2014-04-12	cgi: rename to have .cgi suffix
	This makes it easier to configure for systems which determine a script is a CGI script based on suffix.
2014-04-11	cgi: wire up HTML pages for messages
	These need better tests and verification, but it's something for now.
2014-04-11	cgi: update feed/view and tests for shorter URLs
	Code should be consistent with the design docs (and we will need better tests).

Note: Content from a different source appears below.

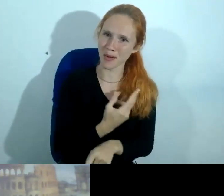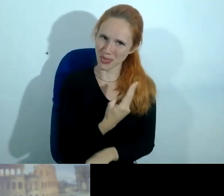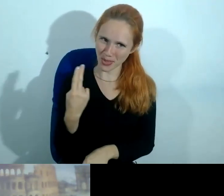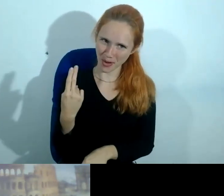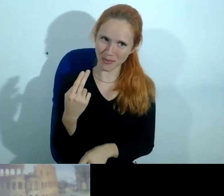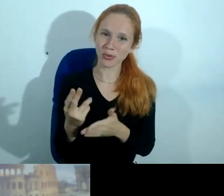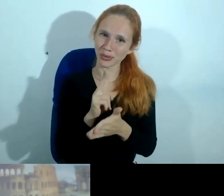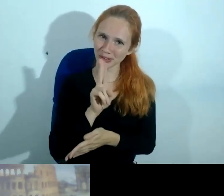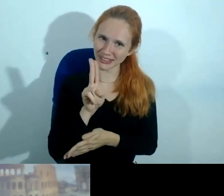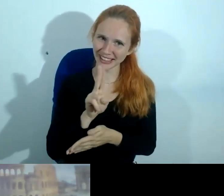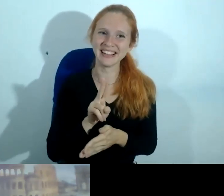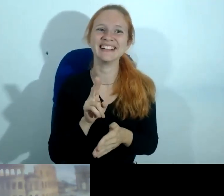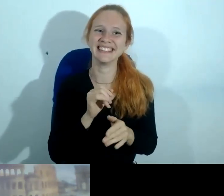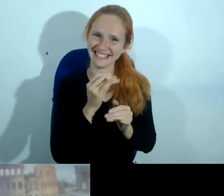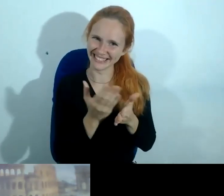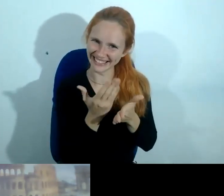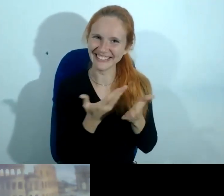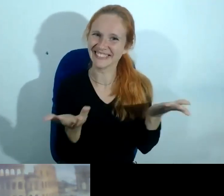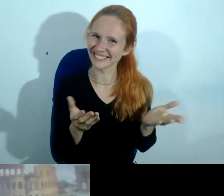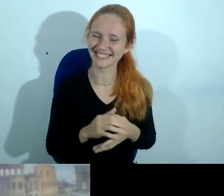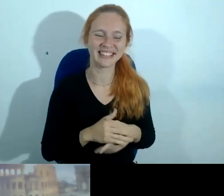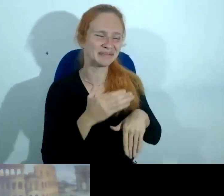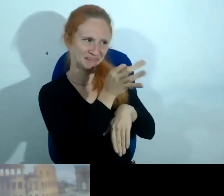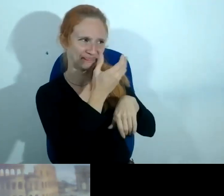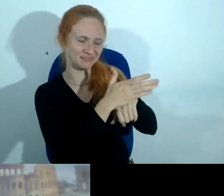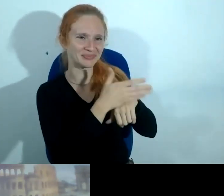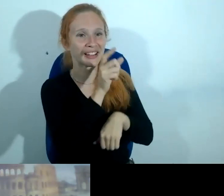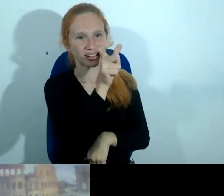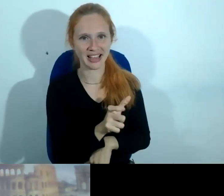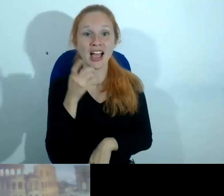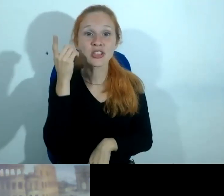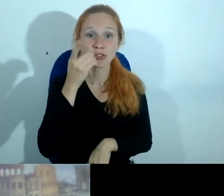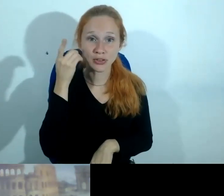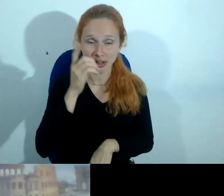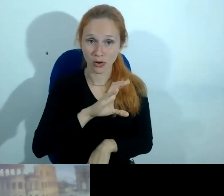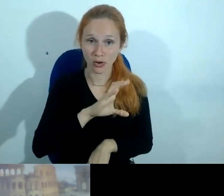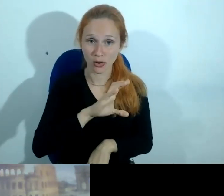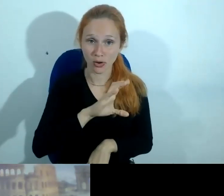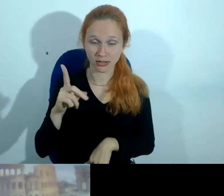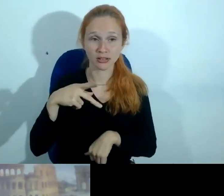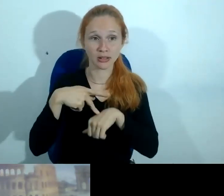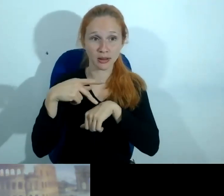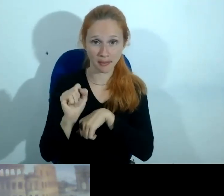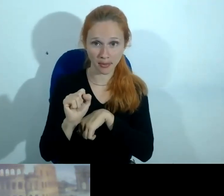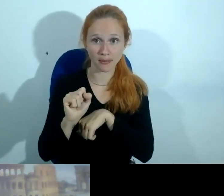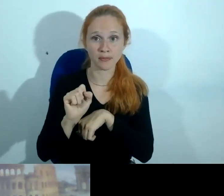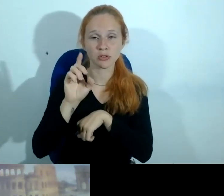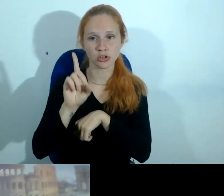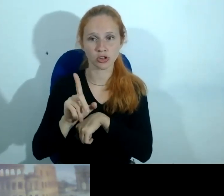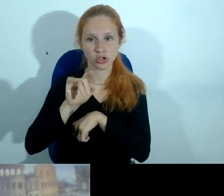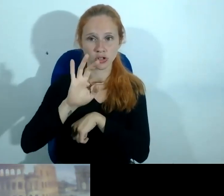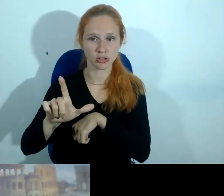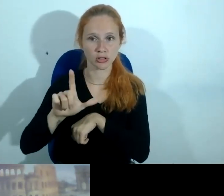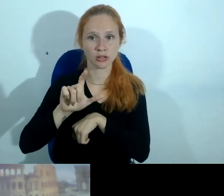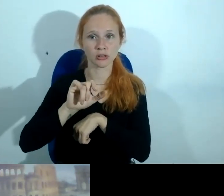do Guilherme é um treino José Walter Capanema é advogado coordenador da pós-graduação em direito digital do
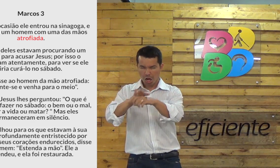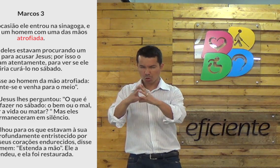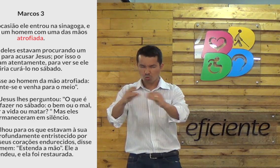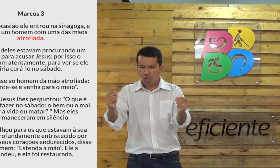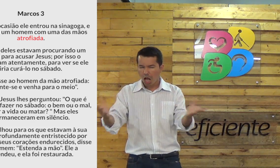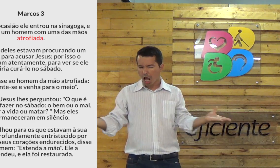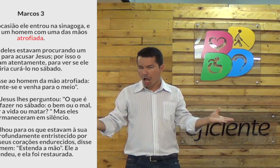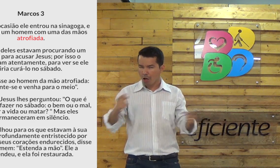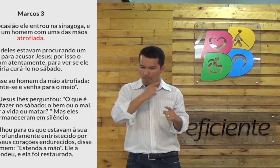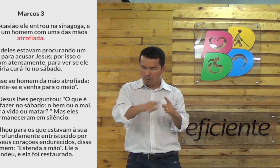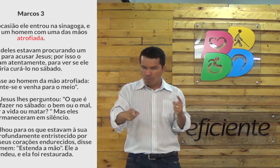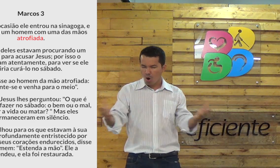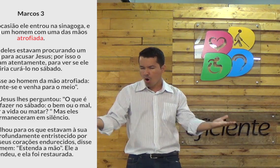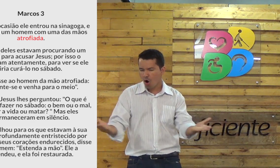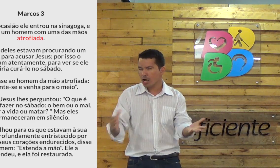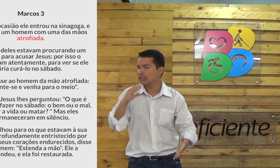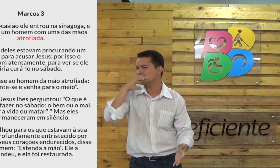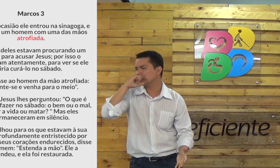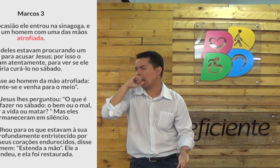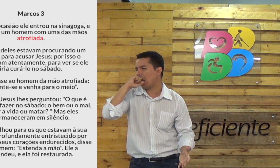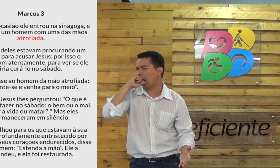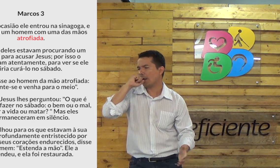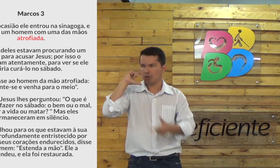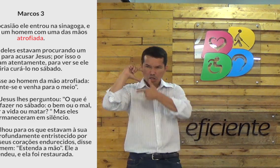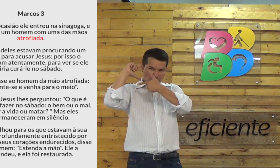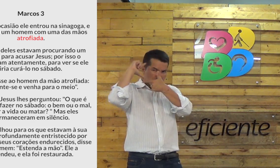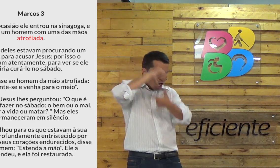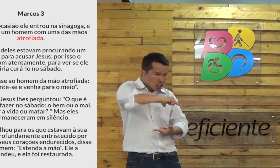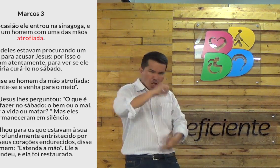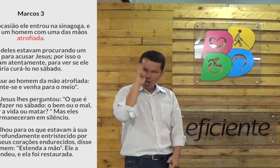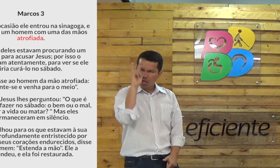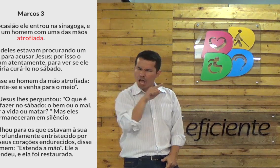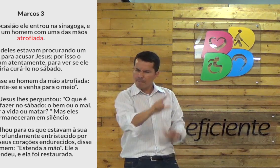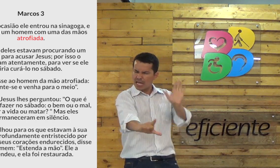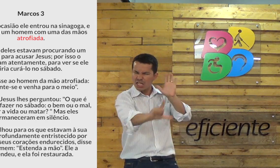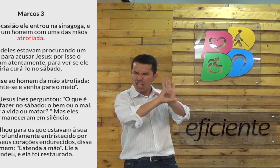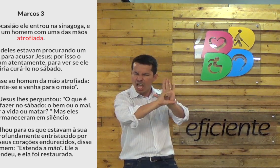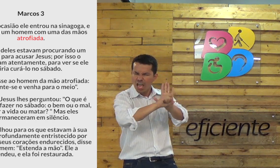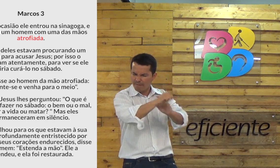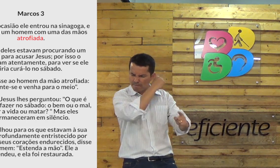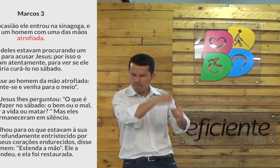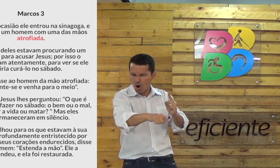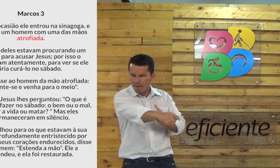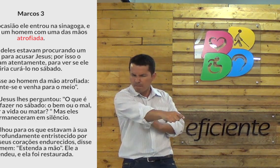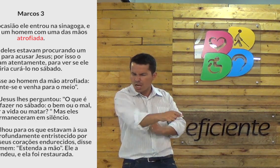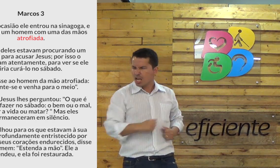Jesus, você está curando no sábado. Mas você sabe que no sábado é proibido. A tradição diz que não pode.

2014-04-11	cgi: /$LISTNAME/ and /$LISTNAME/index.html are equal
	This prevents ambiguity when switching URLs between static file servers and CGI. The /$LISTNAME/index.html URL appearing in the wild is inevitable because of our static file server support. Worst yet, there's no easy/consistent way to get all installations detect and 301 them to the shorter /$LISTNAME/. So we make the CGI support /$LISTNAME/index.html. The downside of this is the potential duplicate entry in all caches.
2014-04-10	cgi: implement get_mid_txt
	This is essential when telling people to use something like: curl $URL \| git am
2014-04-10	cgi: wire up index + tests
	Remove the specified /all.html while we're at it, we only have /all.atom.xml because it's convenient for feed readers.
2014-04-05	get a basic CGI feed sender running
	We should be able to wire up the rest, soon.